**What needs to be done**
Using the lines below, work out the count of those that hold "sans". Give the number only.

**Exercise data**
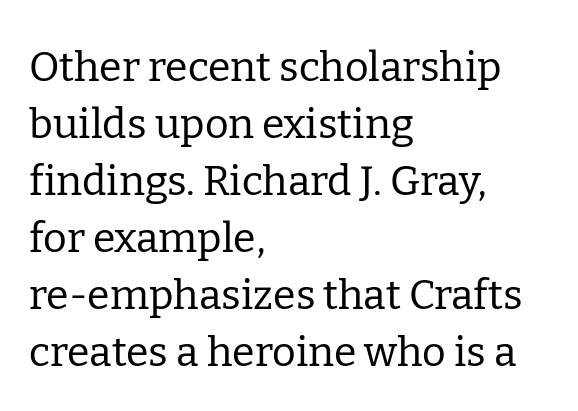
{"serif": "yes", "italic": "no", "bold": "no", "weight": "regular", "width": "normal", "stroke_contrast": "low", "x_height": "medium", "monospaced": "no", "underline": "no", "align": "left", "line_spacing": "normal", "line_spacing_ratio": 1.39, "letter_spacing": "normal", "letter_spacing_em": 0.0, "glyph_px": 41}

==

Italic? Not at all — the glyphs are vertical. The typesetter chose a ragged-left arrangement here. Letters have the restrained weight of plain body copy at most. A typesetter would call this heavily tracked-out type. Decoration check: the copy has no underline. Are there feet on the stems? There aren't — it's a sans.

---

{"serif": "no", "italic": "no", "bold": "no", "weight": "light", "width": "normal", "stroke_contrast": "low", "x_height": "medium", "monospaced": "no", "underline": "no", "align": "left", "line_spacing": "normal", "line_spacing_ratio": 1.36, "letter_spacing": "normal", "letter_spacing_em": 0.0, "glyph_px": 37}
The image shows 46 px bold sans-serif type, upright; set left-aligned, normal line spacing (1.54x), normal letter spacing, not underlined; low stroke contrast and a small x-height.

**Response to the task**
2